The slogan of the French Revolution was “Liberté, Égalité, Fraternité“, but what followed was the Reign of Terror, Napoleonic empire and 2 decades of continent wide warfare, decades of revanchist monarchy, and further decades of revanchist empire.
The Republican Revolution of 1911 overthrew the collapsing Qing Empire in China, but quickly devolved into chaos as regional warlords took control and engaged in a decade of internecine warfare (with outside powers supporting their favorites), ending in a nominal reunification under the Fascist-Leninist regime of Chiang Kai-Shek, leaving China open to Japanese invasion and brutalization before and during WW II, followed by another 5 years of ruinous civil war with the CCP.

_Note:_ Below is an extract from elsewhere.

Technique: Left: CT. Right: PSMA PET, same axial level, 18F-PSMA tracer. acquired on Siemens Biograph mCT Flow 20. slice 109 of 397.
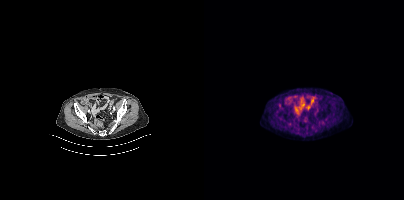
Findings: Negative for PSMA-avid disease on this slice.

The Russian Revolution of 1917 ultimately resulted in the radical Bolsheviks seizing power, led to years of civil war with active involvement by world powers, and decades of brutal mis-rule under Stalin.
The successful Communist Revolution in China in 1949 resulted in 3 decades of brutal mis-rule under Mao.
The democratic revolutions across the former Eastern Bloc actually worked out OK, but it is depressing how quickly illiberalism is on the rise in Poland, Hungary and Czechia.
The 2003 Rose Revolution in Georgia brought the highly problematic Saakashivili to power, with strong authoritarian tendencies.
A string of corrupt opportunists followed the 2004 Orange Revolution in the Ukraine.
Years of political turmoil, violence and suspect elections followed the 2005 Tulip Revolution in Kyrgyzstan.
The Arab Spring resulted in failed states in Syria, Yemen and Libya, and return to military rule in Egypt. The Obama administration acquiesced to Saudi intervention in Bahrain to suppress the Shiite led protests, for geopolitical reasons.
As for Navalny, if he ever succeeds in overthrowing Putin, turning out like Saakashvili, Victor Orban or Boris Yeltsin might be the more positive potential outcomes.
The best way for the US (and the West) to promote democracy around the world is by example, proving that democracy can overcome dire challenges and produce positive outcomes. The decades of “do as I say and not as I do” do not fly anymore.